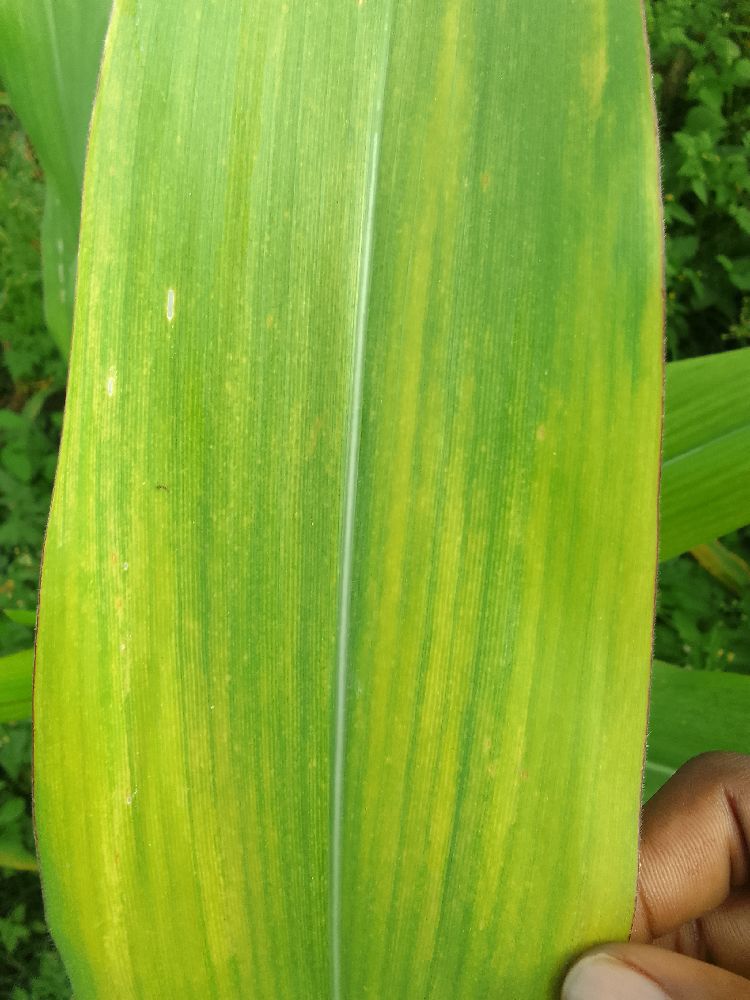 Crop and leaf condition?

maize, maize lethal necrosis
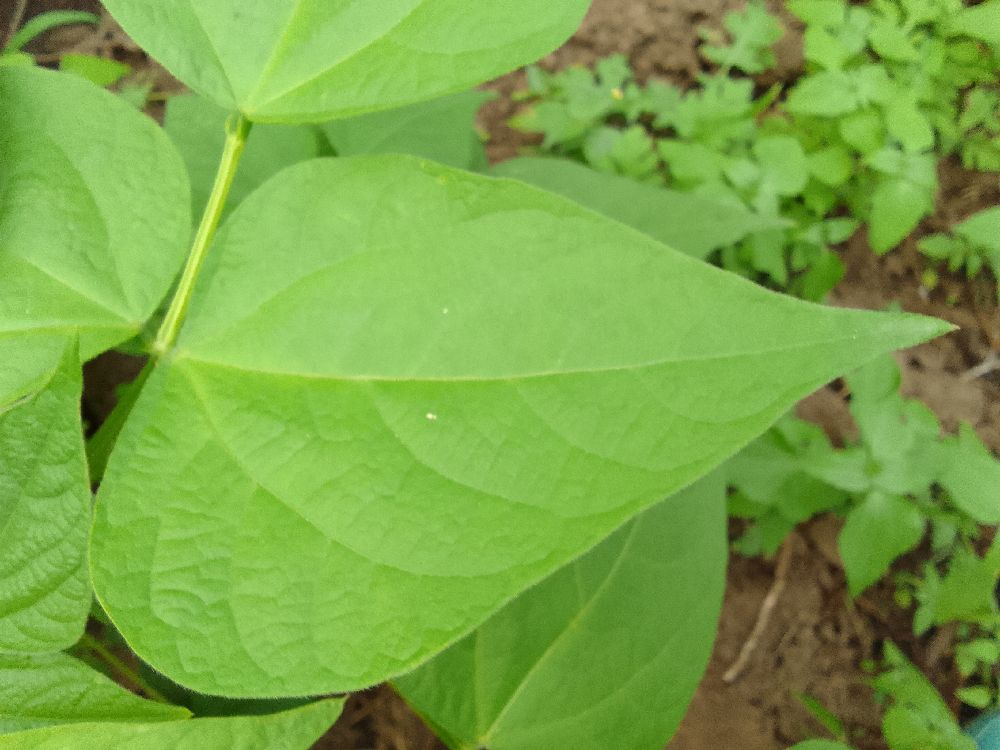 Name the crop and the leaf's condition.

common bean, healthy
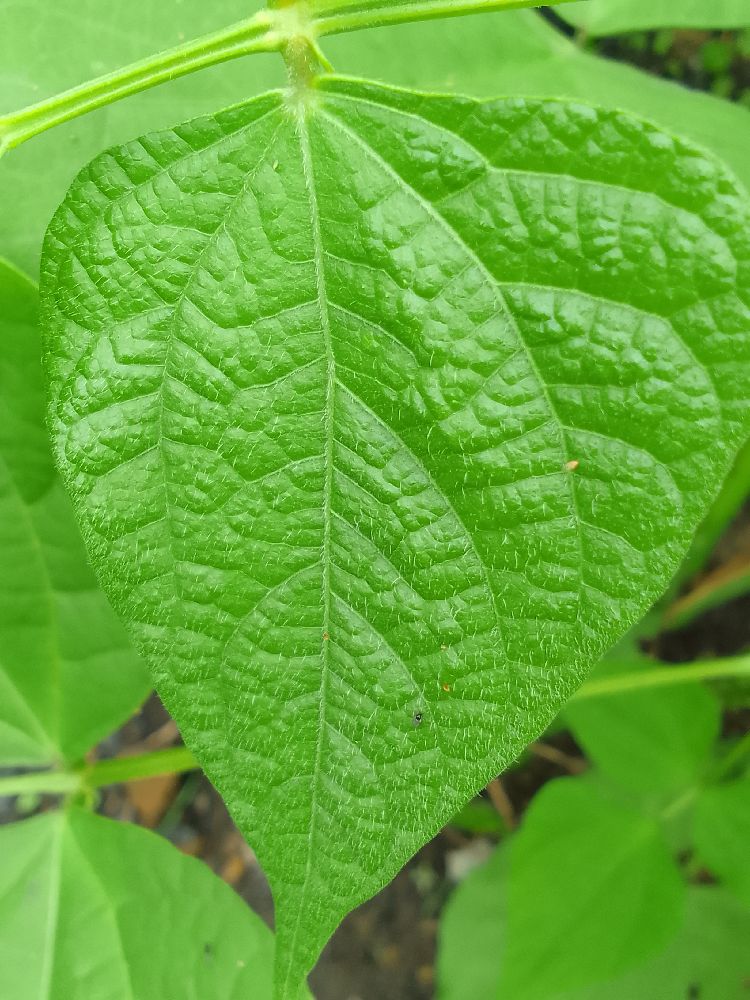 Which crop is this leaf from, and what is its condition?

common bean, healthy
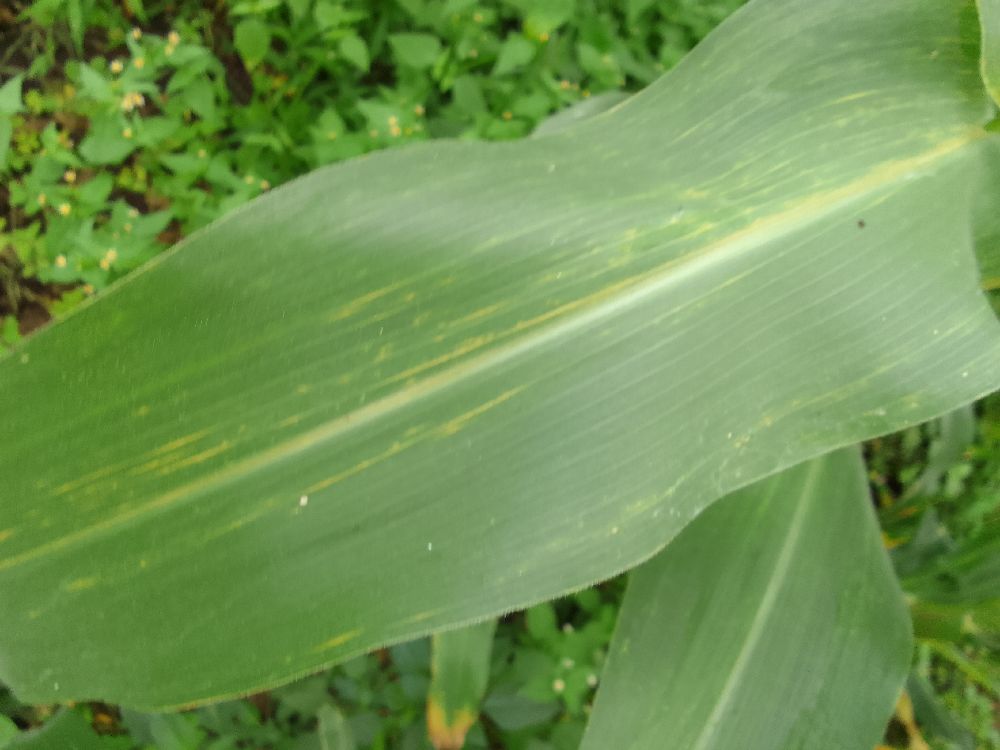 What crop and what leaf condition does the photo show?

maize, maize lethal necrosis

### The problem
Now transcribe all the entries above exactly, so that no picture is carried over.

### Task answer
 Crop and leaf condition?

maize, maize lethal necrosis
 Name the crop and the leaf's condition.

common bean, healthy
 Which crop is this leaf from, and what is its condition?

common bean, healthy
 What crop and what leaf condition does the photo show?

maize, maize lethal necrosis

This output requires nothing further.